Friday, January 13, 2012

Dinosaurs Live highlight 13: Styracosaurus

Styracosaurus (meaning "spiked lizard" from the Ancient Greek styrax/στύραξ "spike at the butt-end of a spear-shaft" and sauros/σαῦρος "lizard") was a genus of herbivorous ceratopsian dinosaur from the Cretaceous Period (Campanian stage), about 76.5 to 75.0 million years ago. It had four to six long horns extending from its neck frill, a smaller horn on each of its cheeks, and a single horn protruding from its nose, which may have been up to 60 centimetres (2 ft) long and 15 centimetres (6 in) wide. The function or functions of the horns and frills have been debated for many years.

Styracosaurus was a relatively large dinosaur, reaching lengths of 5.5 metres (18 ft) and weighing nearly 3 tons. It stood about 1.8 meters (6 ft) tall. Styracosaurus possessed four short legs and a bulky body. Its tail was rather short. The skull had a beak and shearing cheek teeth arranged in continuous dental batteries, suggesting that the animal sliced up plants. Like other ceratopsians, this dinosaur may have been a herd animal, traveling in large groups, as suggested by bonebeds.

Named by Lawrence Lambe in 1913, Styracosaurus is a member of the Centrosaurinae. One species, S. albertensis, is currently assigned to Styracosaurus. Other species assigned to the genus have since been reassigned elsewhere.
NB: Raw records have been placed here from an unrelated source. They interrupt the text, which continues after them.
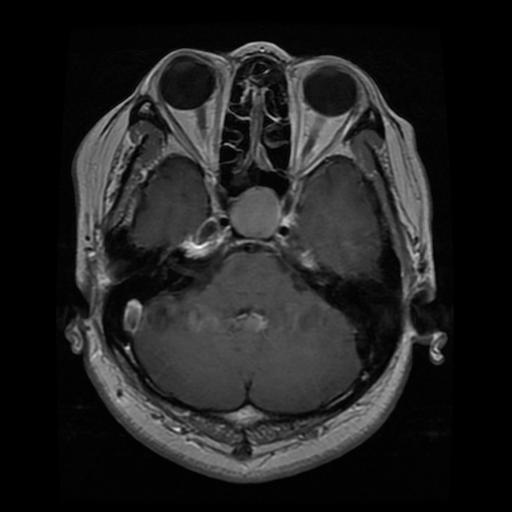
Label: pituitary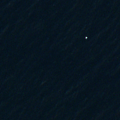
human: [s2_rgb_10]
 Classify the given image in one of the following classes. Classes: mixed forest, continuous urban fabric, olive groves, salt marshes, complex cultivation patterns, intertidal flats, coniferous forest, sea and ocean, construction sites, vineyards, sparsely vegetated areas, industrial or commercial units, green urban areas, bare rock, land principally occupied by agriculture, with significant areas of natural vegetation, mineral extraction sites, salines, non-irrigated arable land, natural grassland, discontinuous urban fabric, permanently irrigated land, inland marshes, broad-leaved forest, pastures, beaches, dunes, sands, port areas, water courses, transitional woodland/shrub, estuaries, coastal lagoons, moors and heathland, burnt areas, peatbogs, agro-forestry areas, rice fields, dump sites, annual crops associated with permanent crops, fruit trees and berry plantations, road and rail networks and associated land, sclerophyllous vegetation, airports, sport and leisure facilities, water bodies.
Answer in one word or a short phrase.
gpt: sea and ocean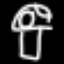
Label: mushroom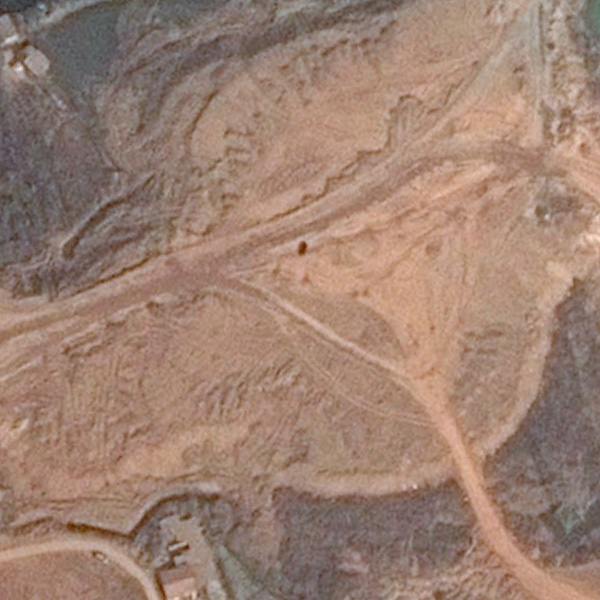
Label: BareLand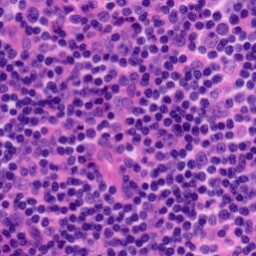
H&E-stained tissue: Tonsil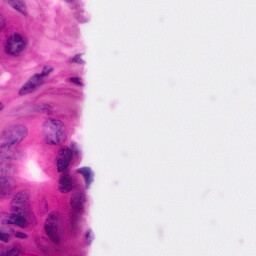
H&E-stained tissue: Pancreatic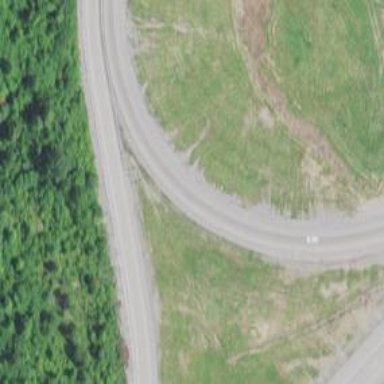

Individuals of the Styracosaurus genus were approximately 5.5 metres (18 ft) long as adults and weighed around 2.7 tons. The skull was massive, with a large nostril, a tall straight nose horn, and a parietosquasomal frill (a neck frill) crowned with at least four large spikes. Each of the four longest frill spines was comparable in length to the nose horn, at 50 to 55 centimetres long (19.7 to 21.7 in). The nasal horn is estimated at 57 centimeters long (19.7 in) in the type specimen, but the horn is only partially complete. Based on other nasal horn cores from Styracosaurus and Centrosaurus, this horn may have come to a rounded point at around half of that length.

Aside from the large nasal horn and four long frill spikes, the cranial ornamentation was variable. Some individuals had small hook-like projections and knobs at the posterior margin of the frill, similar to but smaller than those in Centrosaurus. Others had less prominent tabs. Some, like the type individual, had a third pair of long frill spikes. Others had much smaller projections, and small points are found on the side margins of some but not all specimens. Modest pyramid-shaped brow horns were present in subadults, but were replaced by pits in adults.[5] Like most ceratopsids, Styracosaurus had large fenestrae (skull openings) in its frill. The front of the mouth had a toothless beak.

The bulky body of Styracosaurus resembled that of a rhinoceros. It had powerful shoulders which may have been useful in intraspecies combat. Styracosaurus had a relatively short tail. Each toe bore a hooflike ungual which was sheathed in horn.

Various limb positions have been proposed for Styracosaurus and ceratopsids in general, including forelegs which were held underneath the body, or, alternatively, held in a sprawling position. The most recent work has put forward an intermediate crouched position as most likely. Paleontologists Gregory Paul and Per Christiansen of the Zoological Museum of the University of Copenhagen in Denmark proposed that large ceratopsians such as Styracosaurus were able to run faster than an elephant, based on possible ceratopsian trackways which did not exhibit signs of sprawling forelimbs.